Our growth rate of Covid-19 has flattened quite a bit here in Washington state, and we are now discussing how to reopen society. If we are not careful, and move too aggressively, it may be a few short weeks before we are back in the position we were in a few weeks ago. As a sailor and AI practitioner, I’ve been asking myself what role AI can play in making this return seamless?
Why do I mention sailing? Well sailing is a relatively safe sport, due in large part to a number of high tech tools, perhaps the most significant one is regular access to accurate weather forecasts.
The national weather service operates a massive sensor array including sensors located on weather balloons, in airplanes, on land, in sea buoys, and from satellites.

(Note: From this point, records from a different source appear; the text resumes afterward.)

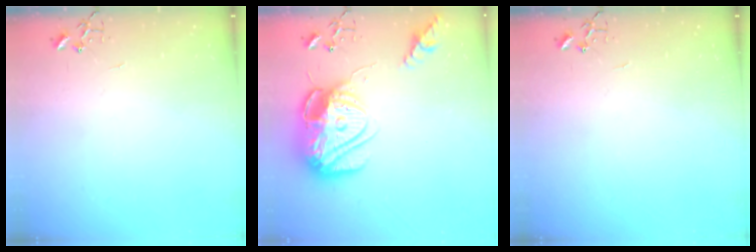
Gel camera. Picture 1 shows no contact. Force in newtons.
{"total": 24.2, "press": 24.1, "slide": 2.0}
{"total": 0.0}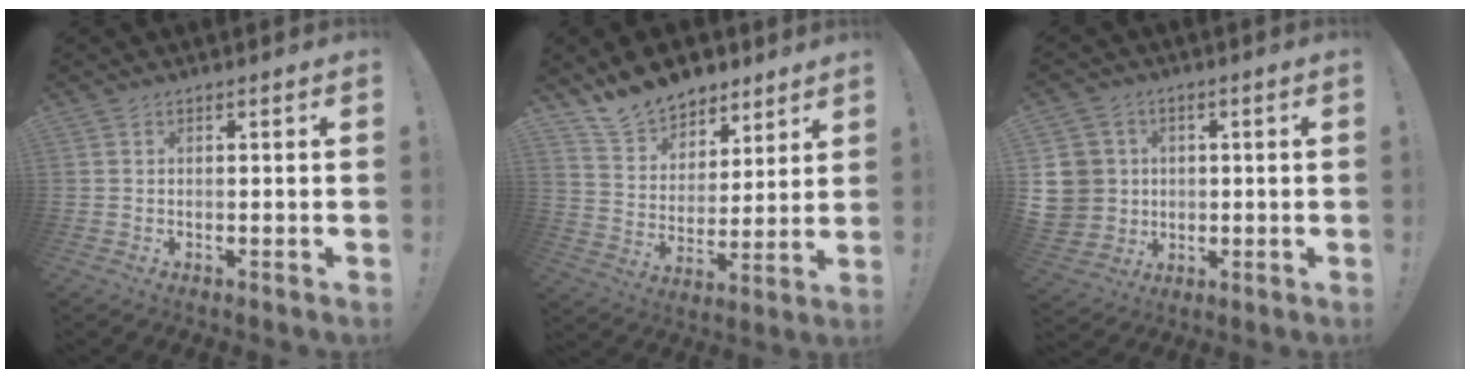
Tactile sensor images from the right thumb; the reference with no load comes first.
{"total": 13.5, "force": [11.6, 6.6, 2.5], "torque": [-0.053, -0.092, 0.221]}
{"total": 10.1, "force": [0.7, 9.6, 3.0], "torque": [-0.065, 0.000, 0.021]}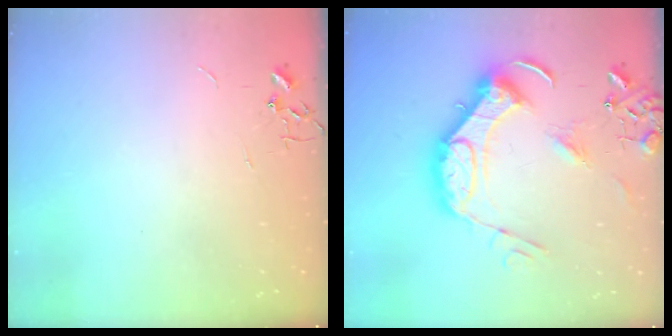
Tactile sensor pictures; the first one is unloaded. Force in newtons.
{"total": 19.5, "press": 19.4, "slide": 2.4}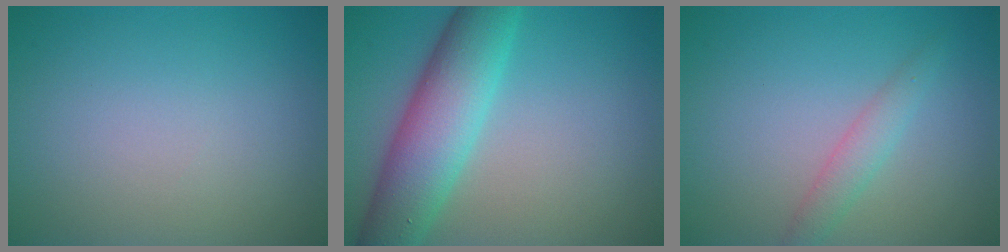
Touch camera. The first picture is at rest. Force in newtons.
{"total": 7.4, "press": 7.4, "slide": 0.1}
{"total": 1.9, "press": 1.9, "slide": 0.0}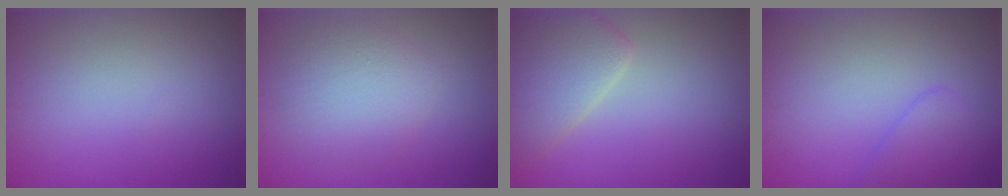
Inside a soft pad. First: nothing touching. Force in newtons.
{"total": 3.8, "press": 3.8, "slide": 0.2}
{"total": 4.5, "press": 4.5, "slide": 0.2}
{"total": 2.2, "press": 2.1, "slide": 0.2}

The sensors measure things like the atmospheric pressure, temperature, humidity, and wind velocity [1]. All of this data is continuously gathered, stored, and made readily available to downstream forecasting models (both public and private) that ultimately produce various spatiotemporal forecasts. The forecasts are made in various forecast horizons (e.g. different hours or days into the future) and at various locations or regions. Weather forecasts include, but are not limited to temperature, wave height, wind direction and magnitude.

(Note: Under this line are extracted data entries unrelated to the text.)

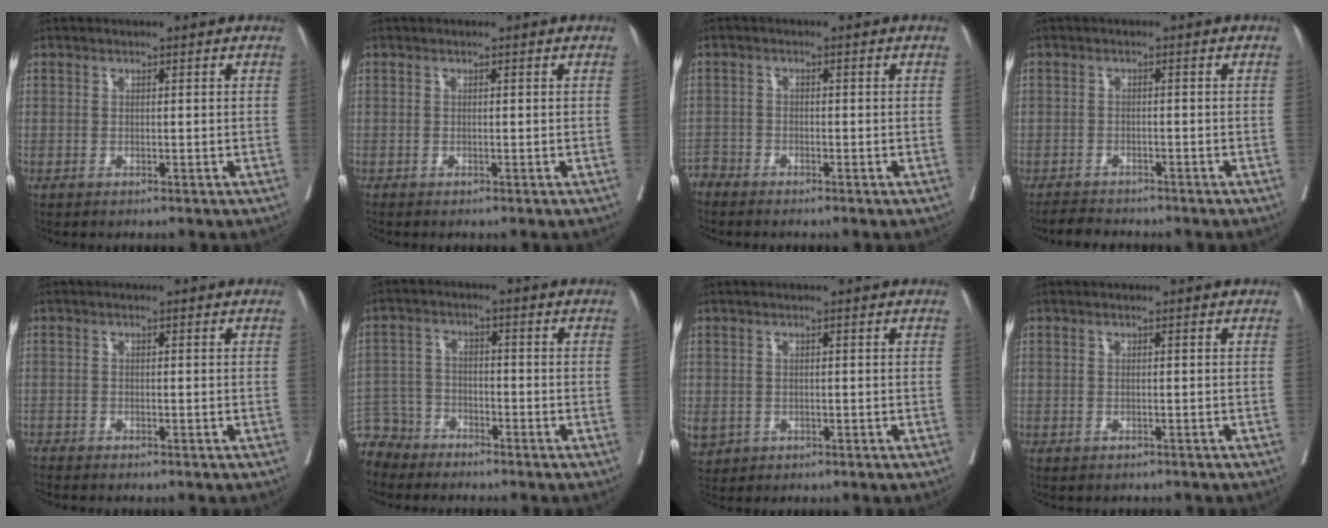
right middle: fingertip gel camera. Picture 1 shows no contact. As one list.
[{"total": 0.0}, {"total": 2.0, "force": [-2.0, 0.3, -0.3], "torque": [0.011, -0.005, -0.041]}, {"total": 3.2, "force": [-3.0, 1.0, 0.4], "torque": [-0.012, -0.008, -0.053]}, {"total": 1.9, "force": [-1.7, -0.5, 0.5], "torque": [-0.010, -0.001, -0.036]}, {"total": 7.2, "force": [-6.4, 3.1, -0.3], "torque": [0.005, 0.001, -0.130]}, {"total": 4.2, "force": [-1.5, 3.6, 1.4], "torque": [-0.038, -0.002, -0.018]}, {"total": 2.0, "force": [-1.8, 0.8, 0.4], "torque": [-0.010, -0.003, -0.026]}]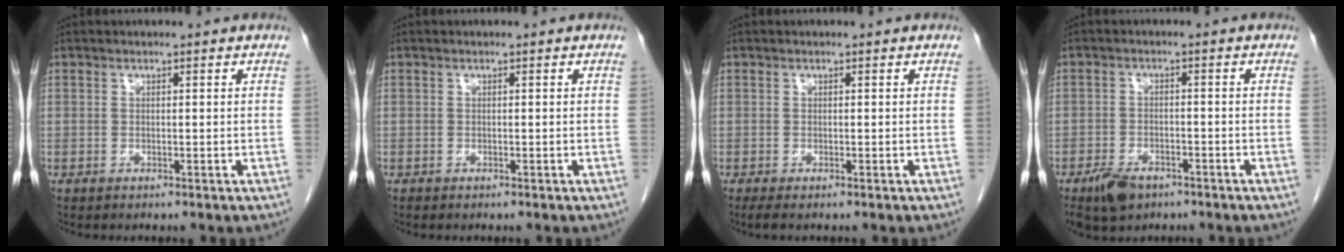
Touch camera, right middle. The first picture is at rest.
{"total": 0.0}
{"total": 1.0, "force": [-0.7, 0.1, 0.7], "torque": [-0.009, -0.003, -0.011]}
{"total": 5.3, "force": [-3.6, 2.8, 2.8], "torque": [-0.053, -0.003, -0.056]}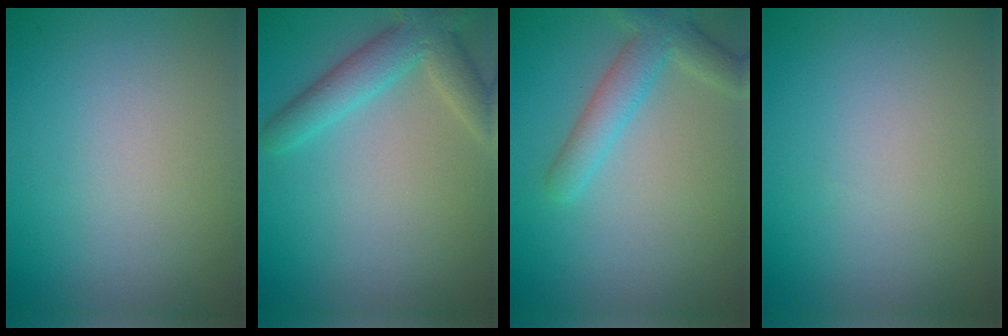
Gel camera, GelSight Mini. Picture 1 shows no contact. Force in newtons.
{"total": 4.5, "press": 4.5, "slide": 0.4}
{"total": 3.8, "press": 3.8, "slide": 0.3}
{"total": 0.0}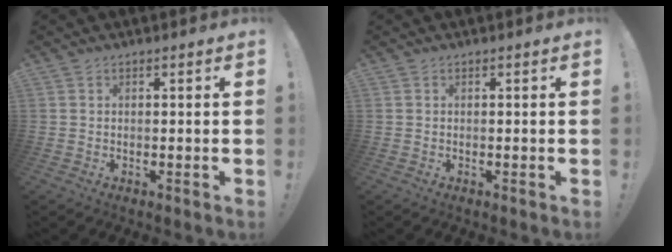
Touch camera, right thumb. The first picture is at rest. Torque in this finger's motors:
{"motor_torque": [-0.03, -0.10, -0.09, 0.22, -0.02]}

So why am I going through all of this? Because none of it exists for infectious disease on anything like the scale we have for weather.
We’ve seen how incredibly instrumental weather forecasts are for not just preventing death and mayhem on a wide scale, but also for ensuring a stress free sail.
Back to Covid-19 and reopening the economy, so, how do we do it? There’s been much talk of contact tracing, which is certainly required and relevant. But even before someone officially tests positive (so you can contact trace) in a region (e.g. neighborhood, city, county or state), other leading variables likely indicate the probability of an uptick in confirmed positives in a given region.
Just like a confluence of variables can indicate a hurricane is on the way, we believe an infectious disease forecasting service powered by AI can predict the likelihood of a new wave of C19 and other infectious diseases.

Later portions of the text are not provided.